Exercise requirements - When you reach the line in the data below that contains "#557=EDGE_CURVE('',#486,#483,#88,.T.);", please start repeating lines exactly, and stop after the line that contains "#1222=CARTESIAN_POINT('',(27.63,40.147,-3.2));", repeating nothing else.

Supplied material -
....

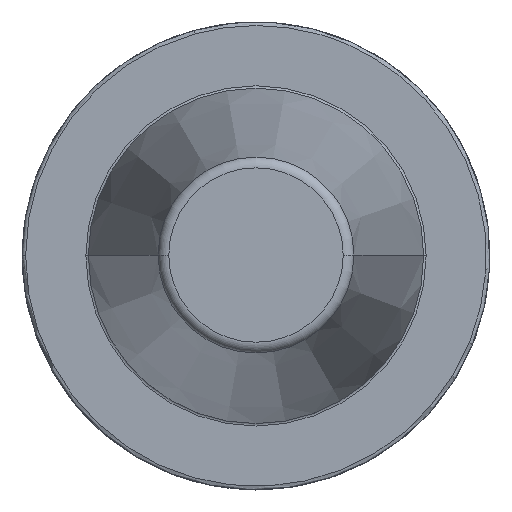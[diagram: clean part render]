
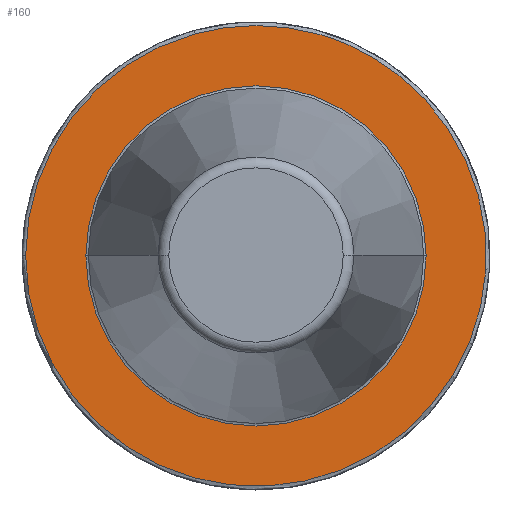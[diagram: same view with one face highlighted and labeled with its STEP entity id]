
A CAD part, top view. The second image highlights one B-rep face of the part: STEP entity #160.
In plain terms, the highlighted planar face has unit normal (0, 0, 1).
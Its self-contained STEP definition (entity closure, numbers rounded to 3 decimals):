
#88=B_SPLINE_CURVE_WITH_KNOTS('',3,(#1206,#1207,#1208,#1209,#1210,#1211,
#1212,#1213,#1214,#1215,#1216,#1217,#1218,#1219,#1220,#1221,#1222,#1223),
 .UNSPECIFIED.,.F.,.F.,(4,2,2,2,2,2,2,2,4),(0.,0.125,0.25,0.375,0.5,0.625,
0.75,0.875,1.),.UNSPECIFIED.);
#160=ADVANCED_FACE('',(#199,#200),#188,.F.);
#188=PLANE('',#750);
#199=FACE_BOUND('',#226,.T.);
#200=FACE_BOUND('',#227,.T.);
#226=EDGE_LOOP('',(#326,#327,#328,#329));
#227=EDGE_LOOP('',(#330,#331));
#326=ORIENTED_EDGE('',*,*,#554,.T.);
#327=ORIENTED_EDGE('',*,*,#555,.T.);
#328=ORIENTED_EDGE('',*,*,#556,.T.);
#329=ORIENTED_EDGE('',*,*,#557,.T.);
#330=ORIENTED_EDGE('',*,*,#503,.T.);
#331=ORIENTED_EDGE('',*,*,#505,.T.);
#442=VERTEX_POINT('',#1054);
#445=VERTEX_POINT('',#1059);
#483=VERTEX_POINT('',#1200);
#484=VERTEX_POINT('',#1201);
#485=VERTEX_POINT('',#1203);
#486=VERTEX_POINT('',#1205);
#503=EDGE_CURVE('',#442,#445,#594,.T.);
#505=EDGE_CURVE('',#445,#442,#596,.T.);
#554=EDGE_CURVE('',#483,#484,#631,.T.);
#555=EDGE_CURVE('',#484,#485,#632,.T.);
#556=EDGE_CURVE('',#485,#486,#633,.T.);
#557=EDGE_CURVE('',#486,#483,#88,.T.);
#594=CIRCLE('',#695,35.425);
#596=CIRCLE('',#698,35.425);
#631=CIRCLE('',#747,47.975);
#632=CIRCLE('',#748,47.975);
#633=CIRCLE('',#749,47.975);
#695=AXIS2_PLACEMENT_3D('',#1060,#820,#821);
#698=AXIS2_PLACEMENT_3D('',#1063,#826,#827);
#747=AXIS2_PLACEMENT_3D('',#1199,#932,#933);
#748=AXIS2_PLACEMENT_3D('',#1202,#934,#935);
#749=AXIS2_PLACEMENT_3D('',#1204,#936,#937);
#750=AXIS2_PLACEMENT_3D('',#1224,#938,#939);
#820=DIRECTION('',(0.,0.,-1.));
#821=DIRECTION('',(-1.,0.,0.));
#826=DIRECTION('',(0.,0.,-1.));
#827=DIRECTION('',(-1.,0.,0.));
#932=DIRECTION('',(0.,0.,1.));
#933=DIRECTION('',(-1.,0.,0.));
#934=DIRECTION('',(0.,0.,1.));
#935=DIRECTION('',(-1.,0.,0.));
#936=DIRECTION('',(0.,0.,1.));
#937=DIRECTION('',(-1.,0.,0.));
#938=DIRECTION('',(0.,0.,-1.));
#939=DIRECTION('',(1.,0.,0.));
#1054=CARTESIAN_POINT('',(-35.425,0.,-3.2));
#1059=CARTESIAN_POINT('',(35.425,0.,-3.2));
#1060=CARTESIAN_POINT('',(0.,0.,-3.2));
#1063=CARTESIAN_POINT('',(0.,0.,-3.2));
#1199=CARTESIAN_POINT('',(0.,0.,-3.2));
#1200=CARTESIAN_POINT('',(19.82,43.689,-3.2));
#1201=CARTESIAN_POINT('',(12.9,46.208,-3.2));
#1202=CARTESIAN_POINT('',(0.,0.,-3.2));
#1203=CARTESIAN_POINT('',(-12.9,46.208,-3.2));
#1204=CARTESIAN_POINT('',(0.,0.,-3.2));
#1205=CARTESIAN_POINT('',(-47.975,0.,-3.2));
#1206=CARTESIAN_POINT('',(-47.975,0.,-3.2));
#1207=CARTESIAN_POINT('',(-47.975,-8.582,-3.2));
#1208=CARTESIAN_POINT('',(-45.629,-17.121,-3.2));
#1209=CARTESIAN_POINT('',(-36.875,-31.864,-3.2));
#1210=CARTESIAN_POINT('',(-30.488,-38.02,-3.2));
#1211=CARTESIAN_POINT('',(-15.445,-46.221,-3.2));
#1212=CARTESIAN_POINT('',(-6.8,-48.257,-3.2));
#1213=CARTESIAN_POINT('',(10.314,-47.629,-3.2));
#1214=CARTESIAN_POINT('',(18.791,-44.964,-3.2));
#1215=CARTESIAN_POINT('',(33.185,-35.689,-3.2));
#1216=CARTESIAN_POINT('',(39.113,-29.07,-3.2));
#1217=CARTESIAN_POINT('',(46.756,-13.742,-3.2));
#1218=CARTESIAN_POINT('',(48.473,-5.033,-3.2));
#1219=CARTESIAN_POINT('',(47.219,12.061,-3.2));
#1220=CARTESIAN_POINT('',(44.255,20.413,-3.2));
#1221=CARTESIAN_POINT('',(34.439,34.484,-3.2));
#1222=CARTESIAN_POINT('',(27.63,40.147,-3.2));
#1223=CARTESIAN_POINT('',(19.82,43.689,-3.2));
#1224=CARTESIAN_POINT('',(0.,35.425,-3.2));

....

Written reply -
#557=EDGE_CURVE('',#486,#483,#88,.T.);
#594=CIRCLE('',#695,35.425);
#596=CIRCLE('',#698,35.425);
#631=CIRCLE('',#747,47.975);
#632=CIRCLE('',#748,47.975);
#633=CIRCLE('',#749,47.975);
#695=AXIS2_PLACEMENT_3D('',#1060,#820,#821);
#698=AXIS2_PLACEMENT_3D('',#1063,#826,#827);
#747=AXIS2_PLACEMENT_3D('',#1199,#932,#933);
#748=AXIS2_PLACEMENT_3D('',#1202,#934,#935);
#749=AXIS2_PLACEMENT_3D('',#1204,#936,#937);
#750=AXIS2_PLACEMENT_3D('',#1224,#938,#939);
#820=DIRECTION('',(0.,0.,-1.));
#821=DIRECTION('',(-1.,0.,0.));
#826=DIRECTION('',(0.,0.,-1.));
#827=DIRECTION('',(-1.,0.,0.));
#932=DIRECTION('',(0.,0.,1.));
#933=DIRECTION('',(-1.,0.,0.));
#934=DIRECTION('',(0.,0.,1.));
#935=DIRECTION('',(-1.,0.,0.));
#936=DIRECTION('',(0.,0.,1.));
#937=DIRECTION('',(-1.,0.,0.));
#938=DIRECTION('',(0.,0.,-1.));
#939=DIRECTION('',(1.,0.,0.));
#1054=CARTESIAN_POINT('',(-35.425,0.,-3.2));
#1059=CARTESIAN_POINT('',(35.425,0.,-3.2));
#1060=CARTESIAN_POINT('',(0.,0.,-3.2));
#1063=CARTESIAN_POINT('',(0.,0.,-3.2));
#1199=CARTESIAN_POINT('',(0.,0.,-3.2));
#1200=CARTESIAN_POINT('',(19.82,43.689,-3.2));
#1201=CARTESIAN_POINT('',(12.9,46.208,-3.2));
#1202=CARTESIAN_POINT('',(0.,0.,-3.2));
#1203=CARTESIAN_POINT('',(-12.9,46.208,-3.2));
#1204=CARTESIAN_POINT('',(0.,0.,-3.2));
#1205=CARTESIAN_POINT('',(-47.975,0.,-3.2));
#1206=CARTESIAN_POINT('',(-47.975,0.,-3.2));
#1207=CARTESIAN_POINT('',(-47.975,-8.582,-3.2));
#1208=CARTESIAN_POINT('',(-45.629,-17.121,-3.2));
#1209=CARTESIAN_POINT('',(-36.875,-31.864,-3.2));
#1210=CARTESIAN_POINT('',(-30.488,-38.02,-3.2));
#1211=CARTESIAN_POINT('',(-15.445,-46.221,-3.2));
#1212=CARTESIAN_POINT('',(-6.8,-48.257,-3.2));
#1213=CARTESIAN_POINT('',(10.314,-47.629,-3.2));
#1214=CARTESIAN_POINT('',(18.791,-44.964,-3.2));
#1215=CARTESIAN_POINT('',(33.185,-35.689,-3.2));
#1216=CARTESIAN_POINT('',(39.113,-29.07,-3.2));
#1217=CARTESIAN_POINT('',(46.756,-13.742,-3.2));
#1218=CARTESIAN_POINT('',(48.473,-5.033,-3.2));
#1219=CARTESIAN_POINT('',(47.219,12.061,-3.2));
#1220=CARTESIAN_POINT('',(44.255,20.413,-3.2));
#1221=CARTESIAN_POINT('',(34.439,34.484,-3.2));
#1222=CARTESIAN_POINT('',(27.63,40.147,-3.2));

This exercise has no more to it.